In IEEE 754 there is a "Round to Nearest" method of rounding floating point values.
But I do not understand one item in that definition:
If the two nearest representable values are equally near, the one with its least significant bit zero is chosen
What is "least significant bit zero is chosen"
It looks like I understood the issue. Single and Double precission numbers can be represented as 32 and 64 sequence of bits with the following way:
b bbbbbbbb bbbbbbbbbbbbbbbbbbbbbbb
b bbbbbbbbbbb bbbbbbbbbbbbbbbbbbbbbbbbbbbbbbbbbbbbbbbbbbbbbbbbbbbb
Here b is zero or one. First group corresponds to sign of a number. Second group corresponds to exponent of a number and consist of 8 (single precission) and 11 (double precision) bits. Third group corresponds to mantissa of a number and consist of 23 (single precission) and 52 (double precision) bits.

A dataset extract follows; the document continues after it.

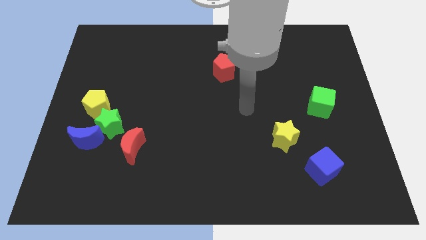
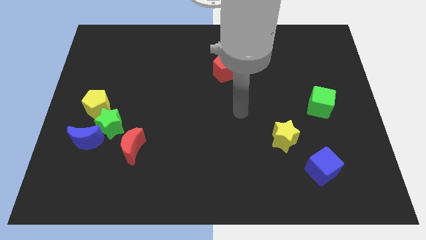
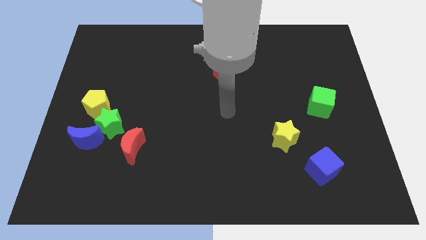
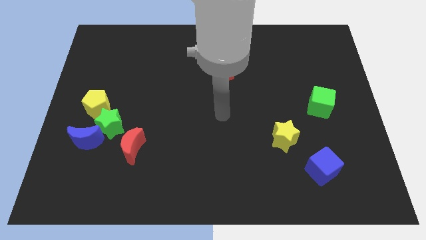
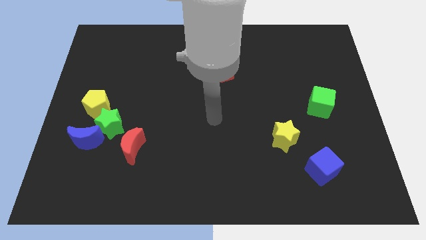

Hence, the least significant bit of a number is 23d bit of mantissa for single precission number and 52d bit of mantissa for double precission number. This is the rightmost bit of a number. If this bit is zero it will be chosen.
Note:
Even and odd numbers are defined only for integer values.
Hence, if rounding function rounds numbers only to integer values this rule degenerates to round-to-even rule
Thanks to everyone for your efforts.